South Sudan refugees in Kiryandongo Refugee Settlement in Western Uganda are visualizing enterprises that will transform their lives, thanks to a series of life skills training by Enabel, the development agency of the Belgian government, URN reports.

The training, conducted from May to August 2018 was followed by one month apprenticeship, through which 360 trainees were equipped with skills in entrepreneurship, vocational skills and micro enterprise management. The beneficiaries comprise 70 percent refugees and 30 percent of refugee hosting community residents.

Christine Karungi, the manager of the Skills Development Fund at Enabel told Uganda Radio Network that the training targets 4,400 beneficiaries before 2020. She said that in the first round, which is going on in refugees hosting communities, 1,500 beneficiaries are being trained.

Karungi says they are currently scrutinizing applications for the second round of training that is expected to start early 2019. The project has an instant training component which has so far benefited 300 people.

The same training is being replicated in other refugee hosting districts in northern Uganda, where it is supported by the European Union Emergency Trust Fund with a grant worth Euros 2.6 million.

The training in Kiryandongo camp was contracted to BRAC. Nakate Christine, the project coordinator at Kiryandongo BRAC office says beneficiaries were trained in bakery, catering, hair dressing, tailoring, motor vehicle repairs and electronics.

Nakate says that the trainees impressed everywhere they went for industrial training while those who decided to set up small enterprises have started on a high notch by implementing amazing initiatives even before they receive start up tools.

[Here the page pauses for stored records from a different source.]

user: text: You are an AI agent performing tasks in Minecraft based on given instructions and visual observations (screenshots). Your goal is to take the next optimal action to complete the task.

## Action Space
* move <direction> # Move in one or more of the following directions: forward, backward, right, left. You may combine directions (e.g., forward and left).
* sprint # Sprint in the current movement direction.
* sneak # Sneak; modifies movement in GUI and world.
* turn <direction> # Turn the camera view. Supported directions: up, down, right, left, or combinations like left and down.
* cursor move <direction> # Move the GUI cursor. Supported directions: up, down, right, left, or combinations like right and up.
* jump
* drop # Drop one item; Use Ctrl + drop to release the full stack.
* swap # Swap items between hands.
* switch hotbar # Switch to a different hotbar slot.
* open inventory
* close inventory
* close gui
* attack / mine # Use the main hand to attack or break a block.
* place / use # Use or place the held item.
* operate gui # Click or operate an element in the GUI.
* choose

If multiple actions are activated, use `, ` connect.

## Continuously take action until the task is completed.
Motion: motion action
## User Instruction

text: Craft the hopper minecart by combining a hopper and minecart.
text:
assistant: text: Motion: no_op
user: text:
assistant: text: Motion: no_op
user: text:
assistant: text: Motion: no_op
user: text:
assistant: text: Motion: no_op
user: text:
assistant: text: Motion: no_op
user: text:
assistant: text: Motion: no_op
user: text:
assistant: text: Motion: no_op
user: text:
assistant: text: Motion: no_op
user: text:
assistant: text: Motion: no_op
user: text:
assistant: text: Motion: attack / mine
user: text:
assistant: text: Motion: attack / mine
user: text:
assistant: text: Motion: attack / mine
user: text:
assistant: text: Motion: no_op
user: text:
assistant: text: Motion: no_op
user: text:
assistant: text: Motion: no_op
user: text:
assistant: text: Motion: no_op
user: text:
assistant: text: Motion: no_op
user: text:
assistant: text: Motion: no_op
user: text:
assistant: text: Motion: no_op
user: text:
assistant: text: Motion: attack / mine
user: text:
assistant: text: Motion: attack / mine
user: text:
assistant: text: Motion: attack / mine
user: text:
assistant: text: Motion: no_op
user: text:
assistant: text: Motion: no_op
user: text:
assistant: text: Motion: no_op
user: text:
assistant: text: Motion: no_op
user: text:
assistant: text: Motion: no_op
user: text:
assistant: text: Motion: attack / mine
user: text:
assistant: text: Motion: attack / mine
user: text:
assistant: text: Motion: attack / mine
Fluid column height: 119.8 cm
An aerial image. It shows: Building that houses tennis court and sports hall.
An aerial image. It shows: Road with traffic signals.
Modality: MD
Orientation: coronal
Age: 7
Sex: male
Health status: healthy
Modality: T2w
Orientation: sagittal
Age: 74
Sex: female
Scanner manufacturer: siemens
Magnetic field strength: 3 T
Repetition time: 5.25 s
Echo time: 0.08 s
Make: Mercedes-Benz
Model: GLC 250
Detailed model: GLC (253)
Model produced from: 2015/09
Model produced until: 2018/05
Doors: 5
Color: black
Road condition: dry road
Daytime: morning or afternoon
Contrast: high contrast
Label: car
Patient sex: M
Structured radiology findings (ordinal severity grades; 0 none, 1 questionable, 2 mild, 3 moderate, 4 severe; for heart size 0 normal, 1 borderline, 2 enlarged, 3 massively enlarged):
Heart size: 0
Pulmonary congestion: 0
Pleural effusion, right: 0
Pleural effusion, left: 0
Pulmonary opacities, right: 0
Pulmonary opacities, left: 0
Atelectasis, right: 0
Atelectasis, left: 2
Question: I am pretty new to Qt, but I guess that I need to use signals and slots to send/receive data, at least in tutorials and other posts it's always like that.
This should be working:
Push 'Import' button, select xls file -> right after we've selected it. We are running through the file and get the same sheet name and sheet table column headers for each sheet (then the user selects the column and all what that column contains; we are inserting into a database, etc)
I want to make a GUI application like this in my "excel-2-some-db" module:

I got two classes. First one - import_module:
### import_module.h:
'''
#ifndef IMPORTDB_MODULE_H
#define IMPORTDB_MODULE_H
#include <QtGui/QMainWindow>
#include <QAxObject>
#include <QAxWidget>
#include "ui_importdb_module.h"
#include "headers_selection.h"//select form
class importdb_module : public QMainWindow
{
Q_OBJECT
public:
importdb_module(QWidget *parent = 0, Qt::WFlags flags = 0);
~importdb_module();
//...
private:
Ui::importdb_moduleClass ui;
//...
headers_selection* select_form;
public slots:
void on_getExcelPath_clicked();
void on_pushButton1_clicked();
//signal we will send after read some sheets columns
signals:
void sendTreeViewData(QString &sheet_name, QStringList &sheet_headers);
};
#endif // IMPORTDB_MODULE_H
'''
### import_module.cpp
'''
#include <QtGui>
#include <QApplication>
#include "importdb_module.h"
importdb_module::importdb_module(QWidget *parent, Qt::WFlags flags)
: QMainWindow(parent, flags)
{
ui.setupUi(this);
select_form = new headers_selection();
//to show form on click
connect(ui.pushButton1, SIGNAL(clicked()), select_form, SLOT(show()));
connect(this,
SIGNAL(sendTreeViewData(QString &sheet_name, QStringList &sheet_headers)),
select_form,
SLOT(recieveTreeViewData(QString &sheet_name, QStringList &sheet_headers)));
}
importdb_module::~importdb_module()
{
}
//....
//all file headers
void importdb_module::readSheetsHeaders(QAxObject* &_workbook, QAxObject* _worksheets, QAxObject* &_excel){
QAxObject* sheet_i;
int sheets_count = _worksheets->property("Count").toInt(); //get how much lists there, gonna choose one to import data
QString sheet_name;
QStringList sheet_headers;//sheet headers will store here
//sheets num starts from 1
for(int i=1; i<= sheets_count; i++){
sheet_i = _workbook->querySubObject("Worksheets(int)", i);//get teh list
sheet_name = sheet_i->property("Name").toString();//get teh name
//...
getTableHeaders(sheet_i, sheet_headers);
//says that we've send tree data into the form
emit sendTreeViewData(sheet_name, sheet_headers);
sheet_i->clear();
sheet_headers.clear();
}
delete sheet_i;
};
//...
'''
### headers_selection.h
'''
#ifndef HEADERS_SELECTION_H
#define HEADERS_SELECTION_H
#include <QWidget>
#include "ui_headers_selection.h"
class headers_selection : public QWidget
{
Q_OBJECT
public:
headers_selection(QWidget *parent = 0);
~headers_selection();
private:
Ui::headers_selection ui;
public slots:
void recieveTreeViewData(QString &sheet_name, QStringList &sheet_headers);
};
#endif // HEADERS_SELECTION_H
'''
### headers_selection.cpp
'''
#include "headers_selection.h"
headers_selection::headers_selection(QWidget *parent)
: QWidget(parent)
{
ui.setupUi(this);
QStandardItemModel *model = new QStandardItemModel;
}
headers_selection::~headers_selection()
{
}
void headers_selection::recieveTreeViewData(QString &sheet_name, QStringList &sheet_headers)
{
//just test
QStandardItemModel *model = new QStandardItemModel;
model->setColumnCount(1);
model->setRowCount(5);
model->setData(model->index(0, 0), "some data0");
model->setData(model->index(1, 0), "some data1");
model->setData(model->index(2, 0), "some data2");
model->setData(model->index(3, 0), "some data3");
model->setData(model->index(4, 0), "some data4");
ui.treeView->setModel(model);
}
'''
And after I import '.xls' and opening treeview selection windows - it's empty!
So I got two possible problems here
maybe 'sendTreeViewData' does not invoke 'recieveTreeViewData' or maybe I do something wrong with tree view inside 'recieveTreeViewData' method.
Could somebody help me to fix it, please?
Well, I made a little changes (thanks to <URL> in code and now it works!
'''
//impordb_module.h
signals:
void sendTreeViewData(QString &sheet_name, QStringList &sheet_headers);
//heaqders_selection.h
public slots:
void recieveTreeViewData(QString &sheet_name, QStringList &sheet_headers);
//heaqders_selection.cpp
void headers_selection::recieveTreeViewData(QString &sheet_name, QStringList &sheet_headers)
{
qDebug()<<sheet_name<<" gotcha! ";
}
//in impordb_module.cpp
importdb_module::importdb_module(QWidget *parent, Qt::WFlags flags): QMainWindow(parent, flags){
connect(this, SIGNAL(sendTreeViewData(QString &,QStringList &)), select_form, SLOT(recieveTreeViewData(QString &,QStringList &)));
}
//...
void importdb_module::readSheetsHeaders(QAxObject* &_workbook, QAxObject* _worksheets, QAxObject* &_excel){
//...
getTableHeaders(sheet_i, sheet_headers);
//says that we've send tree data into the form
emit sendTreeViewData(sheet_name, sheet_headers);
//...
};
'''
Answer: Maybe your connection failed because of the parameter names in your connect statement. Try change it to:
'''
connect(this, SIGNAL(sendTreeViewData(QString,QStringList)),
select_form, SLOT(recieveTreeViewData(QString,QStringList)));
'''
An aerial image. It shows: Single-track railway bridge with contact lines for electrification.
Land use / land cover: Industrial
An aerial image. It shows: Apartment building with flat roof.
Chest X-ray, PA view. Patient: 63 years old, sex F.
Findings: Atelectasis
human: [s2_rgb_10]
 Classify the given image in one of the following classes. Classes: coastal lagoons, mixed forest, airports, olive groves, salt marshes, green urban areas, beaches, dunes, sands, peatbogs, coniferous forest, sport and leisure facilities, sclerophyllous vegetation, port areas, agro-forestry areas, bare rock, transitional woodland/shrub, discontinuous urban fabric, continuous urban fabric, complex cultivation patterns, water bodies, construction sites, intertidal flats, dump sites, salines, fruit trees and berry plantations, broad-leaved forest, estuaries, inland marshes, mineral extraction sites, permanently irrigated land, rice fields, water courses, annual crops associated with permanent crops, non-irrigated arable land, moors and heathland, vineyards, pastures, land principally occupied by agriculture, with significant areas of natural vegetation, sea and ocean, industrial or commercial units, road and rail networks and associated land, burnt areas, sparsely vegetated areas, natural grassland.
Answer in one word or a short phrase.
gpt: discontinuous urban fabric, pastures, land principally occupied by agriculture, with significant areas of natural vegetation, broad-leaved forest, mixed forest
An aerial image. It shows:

Although the immediate need for refugees is basic needs that guarantee their survival, Karungi said Enabel focuses on equipping them with skills, the nexus between humanitarian aid and development. She said skilling is what enables refugees to start working, earn money and put food on the table on their own.

Karungi said that refugees are trained to join the labour market or start their own micro enterprises while trainees who don’t get absorbed in the labour market are supported with startup tools they need to start working independently. Refugees who start their own micro enterprises are further skilled in entrepreneurship.

This is a path that most South Sudan refugees in Kiryandongo refugee settlement camp have decided to take. Optimism is threaded in the mind of these refugees. They have started with borrowed capital or rented equipment but dream of growing their enterprises.

24-year-old Martha Arembo is among those who have started on a high notch. She acquired a two million loan from BRAC, to buy a sewing machine and started a business in Bweyale Town along the Kampala-Gulu highway. This town is located 10 kilometres from the refugee settlement camp.

Arembo is now renting a room at 150,000 Shilling a month, from which she is running her business. When her colleagues, who missed the initial training sessions, approached her for help, she acquired a second sewing machine, which she uses to train them.

She has two learners who pay her Uganda 50,000 Shilling a month. At the end of the first month in business, Arembo says she saved 300,000 Shilling and expects things to get better in the coming months.

Joseph Asu, another refugee who benefited from the training has started making chapatti and doughnuts in the refugees’ camps. Asu borrowed 300,000 Shilling to start a business riding on the bakery skills he had attained from the skilling project.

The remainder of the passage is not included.